La décision des autorités russes de restreindre l’accès à Telegram sur leur territoire pourrait produire l’effet inverse de celui escompté. Moscou a récemment multiplié les blocages d’applications occidentales, dont WhatsApp et Telegram, officiellement pour protéger les citoyens russes et favoriser l’adoption de solutions nationales comme Max, une messagerie publique non chiffrée.
Problème : Telegram est largement utilisé par les forces russes pour coordonner leurs opérations en Ukraine. Selon plusieurs canaux pro-russes, cette coupure soudaine perturberait directement les communications militaires, aussi bien pour l’échange d’informations tactiques que pour la diffusion d’ordres en temps réel !
Starlink également dans la balance
À cette restriction s’ajoute la limitation d’accès aux terminaux Starlink non autorisés, opérée plus tôt ce mois-ci. Le réseau satellitaire jouait un rôle clé dans la coordination des frappes de drones russes. Des diplomates européens évoquent un impact significatif sur les capacités de communication du Kremlin.

Un opérateur ukrainien de drones, cité par la BBC sous le pseudonyme de Giovanni, estime que l’armée russe a perdu « sa capacité à contrôler le terrain » après la coupure de Starlink. « Je pense qu’ils ont perdu 50 % de leur capacité offensive. C’est ce que montrent les chiffres : moins d’assauts, moins de drones ennemis, moins de tout », affirme l’opérateur.
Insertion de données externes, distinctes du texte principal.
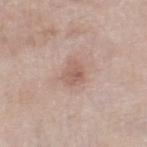notes: imaged on a skin check; not biopsied | imaging modality: total-body-photography crop, ~15 mm field of view | body site: the leg | illumination: white-light | lesion size: ≈3 mm | automated lesion analysis: an area of roughly 5.5 mm², an eccentricity of roughly 0.6, and two-axis asymmetry of about 0.35; a border-irregularity rating of about 3/10, a within-lesion color-variation index near 3/10, and a peripheral color-asymmetry measure near 1 | subject: male, roughly 80 years of age.

Un équilibre militaire fragilisé
Si ces effets contre-productifs restent incertains sur le long terme, cette double contrainte technologique illustre la dépendance croissante des armées modernes aux infrastructures numériques. Dans un conflit où la supériorité informationnelle est déjà déterminante, la bataille des réseaux pourrait bien influencer l’évolution de la guerre en Ukraine, sans même parler des possibles conflits à venir…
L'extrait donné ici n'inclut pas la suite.